We're trying to upgrade from the old RxJava-based Mongo driver mongodb-driver-rx (v1.5.0) to the newer mongodb-driver-reactivestreams (v1.13.1) - not the newest one because of dependencies, but certainly a lot newer. The old RxJava one has been end-of-life for years. Everything works correctly with the new driver, but under high load the performance is taking too big a hit and we can't explain why.
Some background info about our app:
Our (Java) app runs on AWS EC2 (at peak times around 30 m5.xlarge instances), and is based on a Vertx and RxJava stack. We are running a Mongo cluster (m5.12xlarge) with 1 primary and 2 secondaries. Typical number of simultaneous connections to Mongo at peak times is a few thousand. We have a gatling based load test in place which typically runs for 1 hour with 60 AWS EC2 instances, 1 primary Mongo and 2 secondaries like in production, and with 100k simultaneous users.
A few observations:
- Microbenchmarking a simple piece of integration testing code (which does a few common db operations) indicates no significant performance difference between the old and new driver.

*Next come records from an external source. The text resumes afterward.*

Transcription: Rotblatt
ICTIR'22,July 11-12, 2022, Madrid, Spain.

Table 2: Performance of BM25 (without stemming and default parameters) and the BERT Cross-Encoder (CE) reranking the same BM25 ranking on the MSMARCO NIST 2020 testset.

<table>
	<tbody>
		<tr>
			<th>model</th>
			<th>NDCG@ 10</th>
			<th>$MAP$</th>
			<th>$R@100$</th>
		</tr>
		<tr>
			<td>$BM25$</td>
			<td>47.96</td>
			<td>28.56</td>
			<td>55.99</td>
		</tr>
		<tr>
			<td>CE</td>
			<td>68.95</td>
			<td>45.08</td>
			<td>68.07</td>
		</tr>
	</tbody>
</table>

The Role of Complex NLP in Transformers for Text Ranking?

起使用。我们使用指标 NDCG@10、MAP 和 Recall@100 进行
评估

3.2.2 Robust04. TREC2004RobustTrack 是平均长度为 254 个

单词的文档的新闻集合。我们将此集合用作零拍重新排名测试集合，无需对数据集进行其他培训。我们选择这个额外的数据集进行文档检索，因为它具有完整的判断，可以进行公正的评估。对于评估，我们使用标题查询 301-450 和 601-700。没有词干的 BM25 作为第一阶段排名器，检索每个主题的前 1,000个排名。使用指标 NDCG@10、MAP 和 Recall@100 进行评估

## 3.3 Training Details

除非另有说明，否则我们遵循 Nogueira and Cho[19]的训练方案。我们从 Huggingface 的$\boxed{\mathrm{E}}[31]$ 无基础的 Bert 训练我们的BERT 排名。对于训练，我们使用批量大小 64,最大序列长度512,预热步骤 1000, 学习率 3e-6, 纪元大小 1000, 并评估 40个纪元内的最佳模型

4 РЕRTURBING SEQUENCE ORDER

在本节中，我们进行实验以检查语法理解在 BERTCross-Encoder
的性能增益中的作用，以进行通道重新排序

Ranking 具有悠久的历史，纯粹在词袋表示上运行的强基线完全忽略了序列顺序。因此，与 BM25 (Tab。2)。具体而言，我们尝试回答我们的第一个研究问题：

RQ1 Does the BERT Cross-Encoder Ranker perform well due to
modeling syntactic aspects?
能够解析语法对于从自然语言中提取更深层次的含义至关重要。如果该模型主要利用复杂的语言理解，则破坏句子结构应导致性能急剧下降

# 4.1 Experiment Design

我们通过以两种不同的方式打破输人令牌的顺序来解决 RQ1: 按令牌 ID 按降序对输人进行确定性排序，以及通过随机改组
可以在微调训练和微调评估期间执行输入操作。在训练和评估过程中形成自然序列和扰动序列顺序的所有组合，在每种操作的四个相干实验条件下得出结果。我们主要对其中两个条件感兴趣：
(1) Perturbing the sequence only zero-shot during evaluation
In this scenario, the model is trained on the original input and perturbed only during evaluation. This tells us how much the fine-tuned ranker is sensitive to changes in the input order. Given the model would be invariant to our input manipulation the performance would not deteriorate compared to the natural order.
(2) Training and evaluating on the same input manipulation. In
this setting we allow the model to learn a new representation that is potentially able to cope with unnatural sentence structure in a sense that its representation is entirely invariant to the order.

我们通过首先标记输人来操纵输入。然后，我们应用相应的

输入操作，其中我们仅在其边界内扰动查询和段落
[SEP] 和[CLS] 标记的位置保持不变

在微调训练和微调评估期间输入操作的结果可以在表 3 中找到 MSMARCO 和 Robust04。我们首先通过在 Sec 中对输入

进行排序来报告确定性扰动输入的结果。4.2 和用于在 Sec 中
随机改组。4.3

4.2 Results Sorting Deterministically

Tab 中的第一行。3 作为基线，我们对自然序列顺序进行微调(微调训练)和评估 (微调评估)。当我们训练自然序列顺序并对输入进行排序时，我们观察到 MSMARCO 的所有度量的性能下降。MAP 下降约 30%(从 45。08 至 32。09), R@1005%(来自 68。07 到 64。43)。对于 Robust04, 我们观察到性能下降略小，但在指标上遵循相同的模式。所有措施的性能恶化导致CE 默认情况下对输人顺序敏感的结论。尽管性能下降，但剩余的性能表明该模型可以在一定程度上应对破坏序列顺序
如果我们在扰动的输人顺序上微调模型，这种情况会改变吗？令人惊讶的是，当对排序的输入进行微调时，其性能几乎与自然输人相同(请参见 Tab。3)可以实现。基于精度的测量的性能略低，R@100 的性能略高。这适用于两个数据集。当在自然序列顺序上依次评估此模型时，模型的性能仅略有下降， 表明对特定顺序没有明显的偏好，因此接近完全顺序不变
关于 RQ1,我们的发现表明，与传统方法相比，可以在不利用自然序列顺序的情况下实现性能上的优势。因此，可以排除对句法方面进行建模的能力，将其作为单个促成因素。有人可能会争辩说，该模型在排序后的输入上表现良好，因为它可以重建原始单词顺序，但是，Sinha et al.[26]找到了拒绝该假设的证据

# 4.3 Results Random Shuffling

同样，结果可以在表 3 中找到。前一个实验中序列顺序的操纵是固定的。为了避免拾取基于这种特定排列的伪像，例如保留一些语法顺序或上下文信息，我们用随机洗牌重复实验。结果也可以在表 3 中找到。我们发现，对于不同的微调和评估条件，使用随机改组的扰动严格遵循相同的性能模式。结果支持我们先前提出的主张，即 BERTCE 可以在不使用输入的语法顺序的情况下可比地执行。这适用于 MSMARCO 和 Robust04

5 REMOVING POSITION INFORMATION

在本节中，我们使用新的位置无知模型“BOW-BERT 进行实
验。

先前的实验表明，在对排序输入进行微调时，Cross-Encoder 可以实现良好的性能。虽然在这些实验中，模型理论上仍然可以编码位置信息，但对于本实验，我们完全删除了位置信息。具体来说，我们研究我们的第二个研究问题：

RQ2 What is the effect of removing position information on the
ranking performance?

- With the old driver we're seeing good performance overall in the load test, avg 20ms response time and 200ms response time within 99% percentile.
- With the new driver, running the same load test, things explode (over 2000ms avg response time, and eventually over 60% failed requests due to waiting queues getting full).
- If we run the load test with only 1 EC2 instance and 1.6k simultaneous users (which is the same load per instance), there is no significant performance difference between the old and new driver, and things run relatively smoothly.
MongoDB driver settings:
clusterSettings = "{hosts=[localhost:27017], mode=MULTIPLE, requiredClusterType=UNKNOWN, requiredReplicaSetName='null', serverSelector='LatencyMinimizingServerSelector{acceptableLatencyDifference=15 ms}', clusterListeners='[]', serverSelectionTimeout='30000 ms', localThreshold='30000 ms', maxWaitQueueSize=500, description='null'}"
connectionPoolSettings = "ConnectionPoolSettings{maxSize=100, minSize=0, maxWaitQueueSize=50000, maxWaitTimeMS=5000, maxConnectionLifeTimeMS=0, maxConnectionIdleTimeMS=300000, maintenanceInitialDelayMS=0, maintenanceFrequencyMS=60000, connectionPoolListeners=[]}"
heartbeatSocketSettings = "SocketSettings{connectTimeoutMS=10000, readTimeoutMS=10000, keepAlive=true, receiveBufferSize=0, sendBufferSize=0}"
readPreference = "primary"
serverSettings = "ServerSettings{heartbeatFrequencyMS=10000, minHeartbeatFrequencyMS=500, serverListeners='[]', serverMonitorListeners='[]'}"
socketSettings = "SocketSettings{connectTimeoutMS=10000, readTimeoutMS=0, keepAlive=true, receiveBufferSize=0, sendBufferSize=0}"
sslSettings = "SslSettings{enabled=false, invalidHostNameAllowed=true, context=null}"
writeConcern = "WriteConcern{w=null, wTimeout=null ms, fsync=null, journal=null"
Things we've tried: (all to no avail)
- Switching Mongo db version (we are currently still on 3.6, but we've tried 4.0 too);
- Adding a Vertx based RxJava scheduler around every db operation (we've tried
Schedulers.io()
, andRxHelper.scheduler(vertx)
) - Configuring Mongo settings with a
AsynchronousSocketChannelStreamFactoryFactory
containing aAsynchronousChannelGroup
with fixed threadpool of size 100; - Configuring Mongo settings with a
NettyStreamFactoryFactory
containing aNioEventLoopGroup
; - Playing around with the maximum Mongo connection pool per instance (varying from 100 to 500);
Things that cannot help us for now: (we know these, some of these are on our roadmap, but they would be too time consuming for now)
- Better index management (we've already optimized this, there are no queries that use an inefficient collscan)
- Splitting up the app into smaller services
- Easing the load on Mongo by employing in-memory JVM caching (Guava) or remote caching (Redis) - we already do this to some extent
- Getting rid of Vertx in favor of, for instance, Spring Boot
It seems like it is some kind of pooling or threading issue, but we can't pinpoint the exact problem, and profiling this kind of problem is also very hard.
Any thoughts on what may cause the problem and how to fix it?